The fruit selections in the summertime were heavenly. Back then, you could only get them seasonally, so we made the most of strawberries, blueberries, nectarines, peaches, plums, watermelon, canteloupe. Raspberries were a rare treat--they were for rich people. mother said. My mother would wash a nectarine and give it to me in a little bowl with a spoon of sugar to dip it in. Bliss!

The one supreme reason to heat up your kitchen in the summertime was to boil water to cook corn. Corn on the cob, with plenty of better and salt to roll it in, made the steaminess worthwhile. It was one of those times you were allowed to make noise and get messy at the table. There wasn't any delicate way to do it. Often there was enough to have seconds.

The misery of too hot, too humid days was balanced by the joy of these foods which only came once a year. I'm not sure I could adequately explain the intensity of the sensory experience to my younger daughter, who has grown up both with central air conditioning, and foods available year round. As we go the the Oakland Mills Farmers Market, and cook the foods we receive from our Breezy Willow CSA share, I hope she is getting a better understanding of where the food comes from, and how it arrives in its due season.









Monday, July 1, 2013

A Moment in Time

On July first, 1967, I was living in Columbus, Ohio. We lived in a newly-minted subdivision called Essex Place, in an area called Upper Arlington. We only lived there for one year; my Dad's job there was a disaster and we were back to Cleveland before school started in the Fall. But my memories of that one year are vivid.

I can pretty much lay out for you what was happening on July 1. I was riding my bike around the neighborhood. I was quenching my thirst with Orange Crush out of a glass bottle. My best friend's dad was helping him build a treehouse on an empty lot and all the neighborhood kids were helping, facing their fears as we learned to climb steps nailed into the tree, up, up, up...

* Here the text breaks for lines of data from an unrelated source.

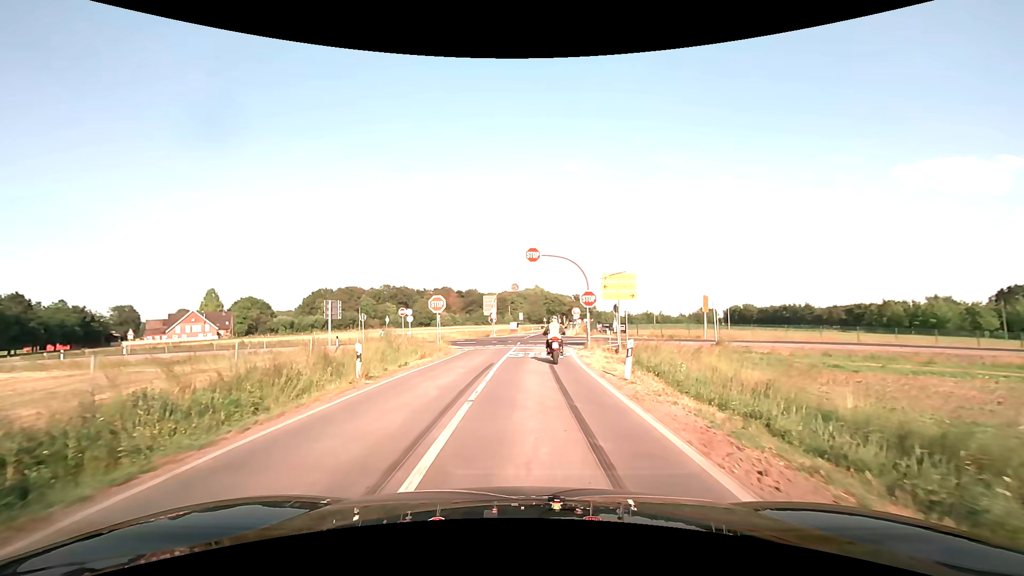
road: secondary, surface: asphalt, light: Day
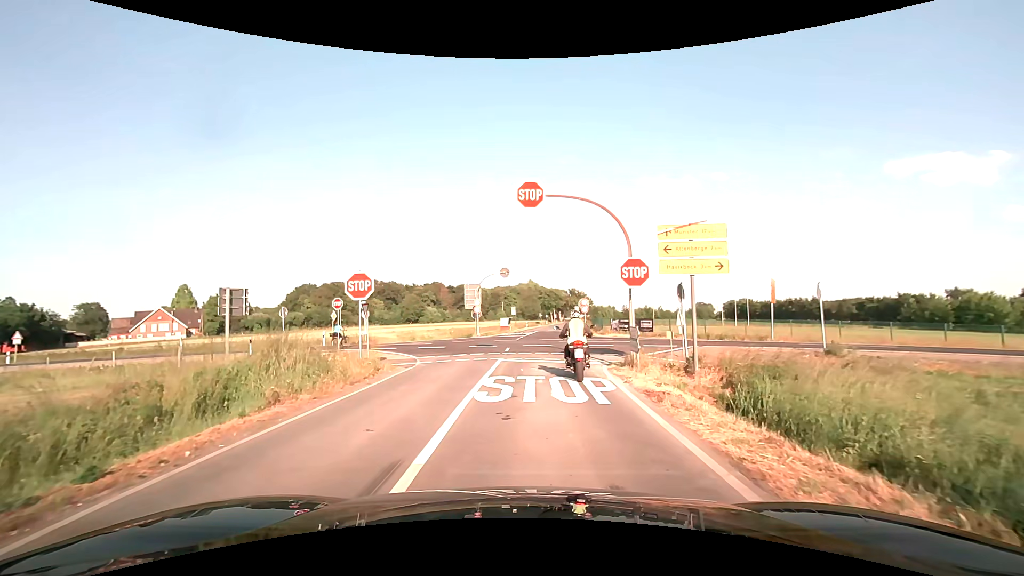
(+0.1, +12.6) m; +1°
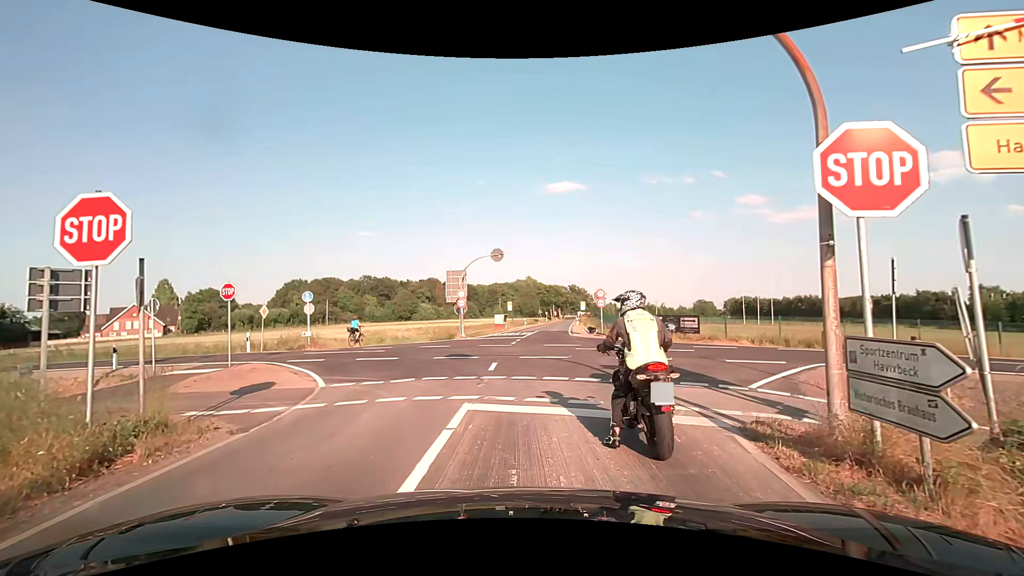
(0.0, +9.7) m; +1°
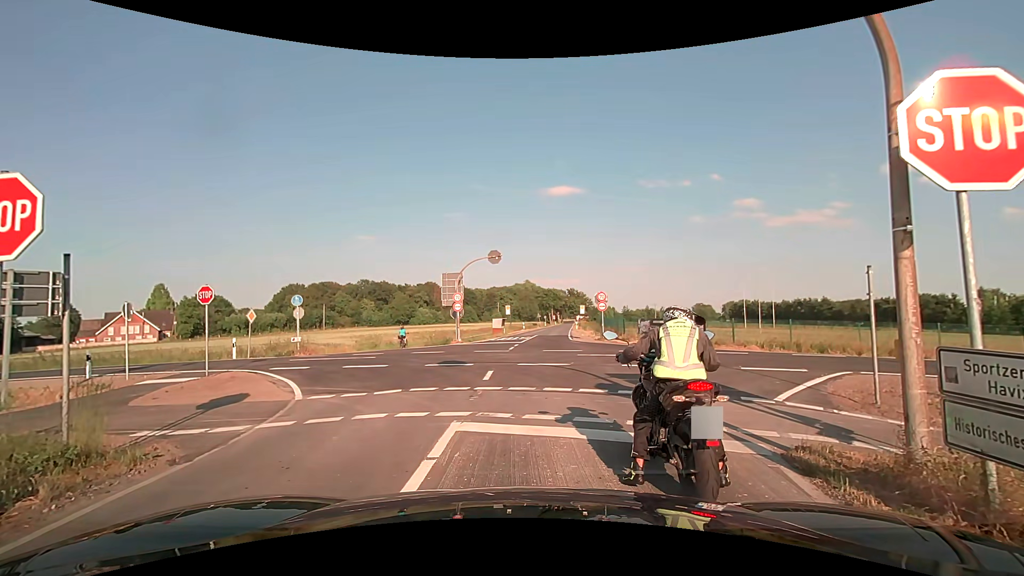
(0.0, +1.1) m; -1°
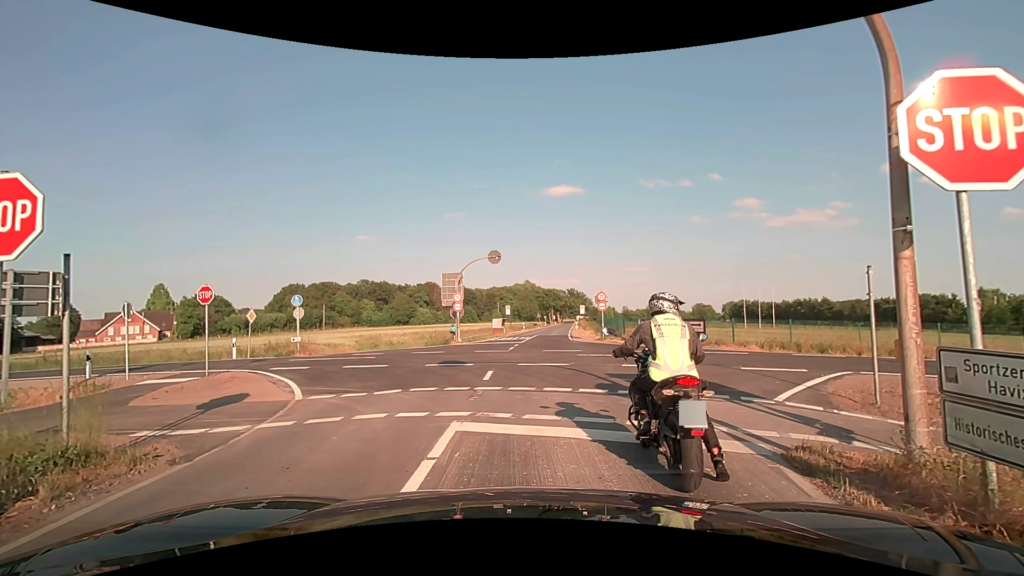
(0.0, +0.1) m; 0°
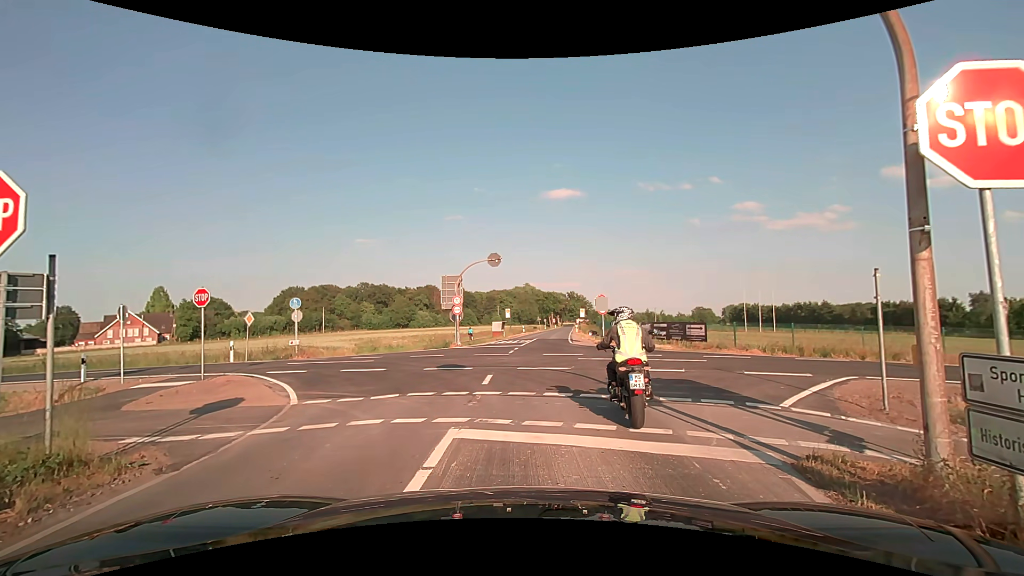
(0.0, +0.2) m; 0°
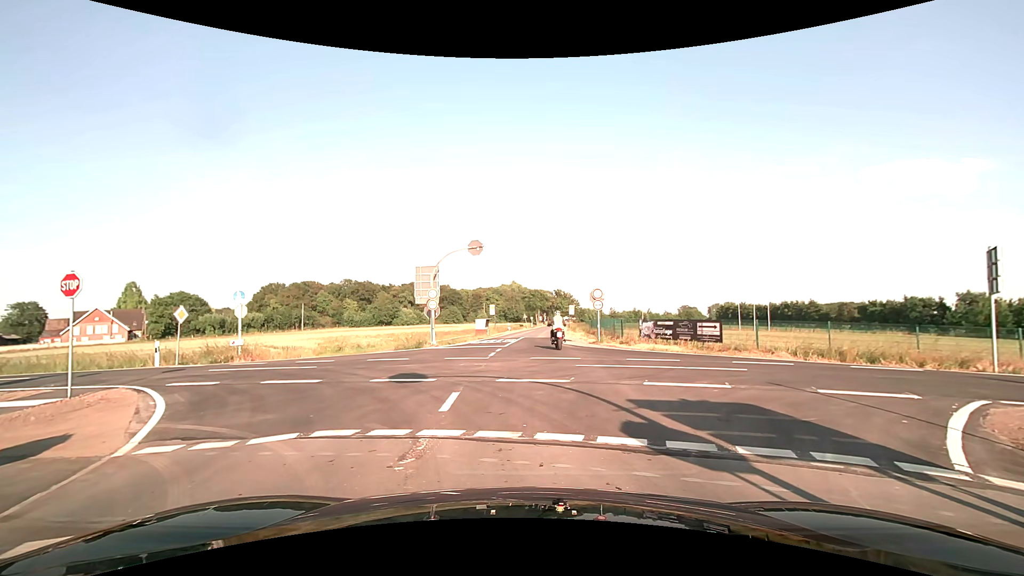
(0.0, +4.0) m; 0°
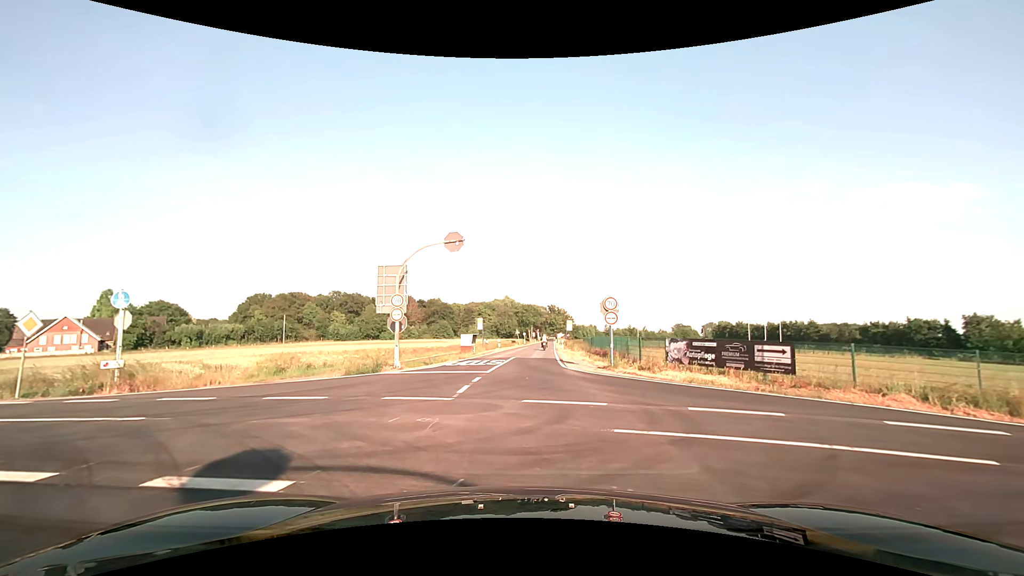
(+0.2, +7.1) m; +2°
(0, +10) (0, +20) (0, +30) (+1, +40) (+2, +50) (+2, +60) (+3, +70) (+4, +80) (+4, +90) (+5, +100) m

I remember going for walks around the neighborhood after dinner and hearing some high school kids playing rock music in the family garage. Yes, it was a "Pleasant Valley Sunday" sort of neighborhood.We played for hours in the dirt and mud of an as-yet undeveloped lot, building houses and tunnels and roads. We collected ladybugs in jars, put on shows on my next door neighbor's front porch, collected Trolls, Little Kiddles, saved up for the new Twist and Turn Barbie doll.

One month earlier the Beatles' Sergeant Pepper album was released. The top hit for the week was "Windy" by the Association. We watched the Monkees on tv, played singles on our record players, roller skated on the smooth, suburban sidewalks. We adjusted the metal skates, which fit on over our shoes, with a skate key. I wore mine around my neck on a string.

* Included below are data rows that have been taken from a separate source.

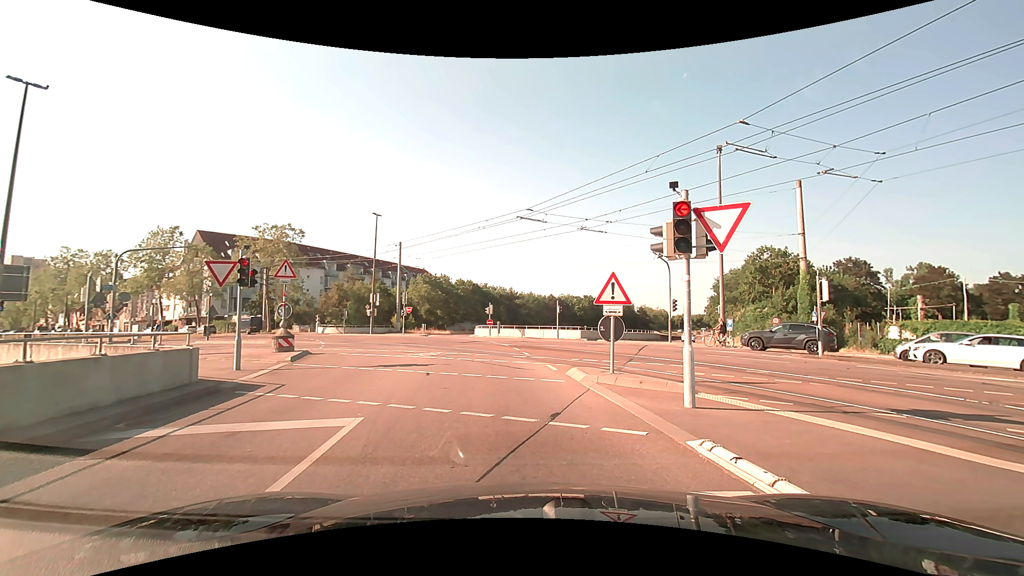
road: tertiary_link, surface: asphalt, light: Day
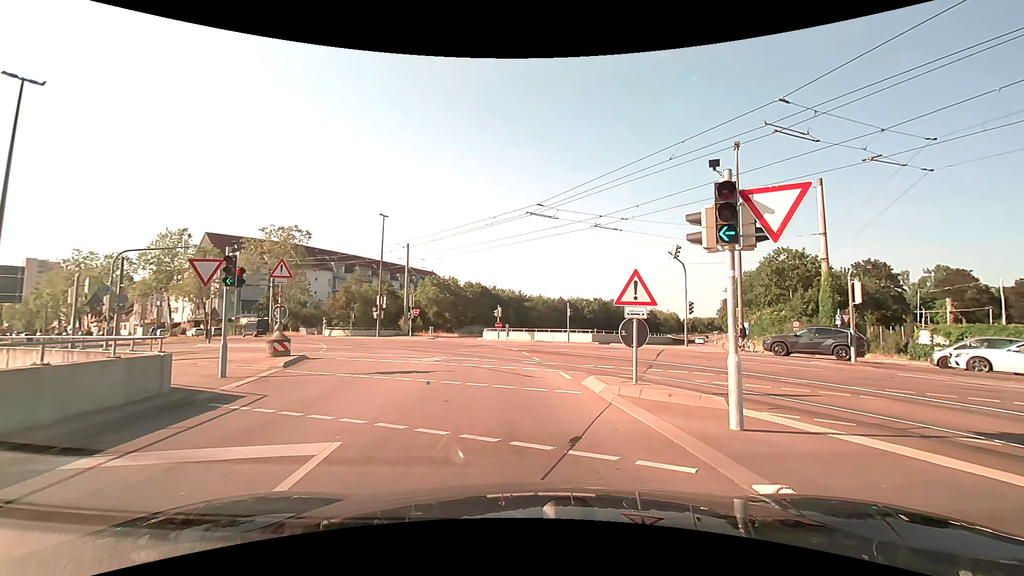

The most life-changing event for me on July 1st, 1967 happened a world away in Belfast, Northern Ireland.  On that day Richard Alastair McCready was born, to proud parents Sam and Joan McCready.He joined brother Julian who had been born on the very same day several years earlier. 

Many stories and and many travels go into this one story--that a young man born on July 1st, 1967 in Belfast should meet the woman who was living in Columbus, Ohio on the day of his birth. Of course this meeting took place in neither location, but in a choir room in Baltimore, Maryland.  I think it is particularly appropriate that he, who has brought so much love into my life, was born during "The Summer of Love".

Happy Birthday, Richard. I didn't know back then how important this day was going to be. But I'm so grateful for all the many intersections which led to our meeting.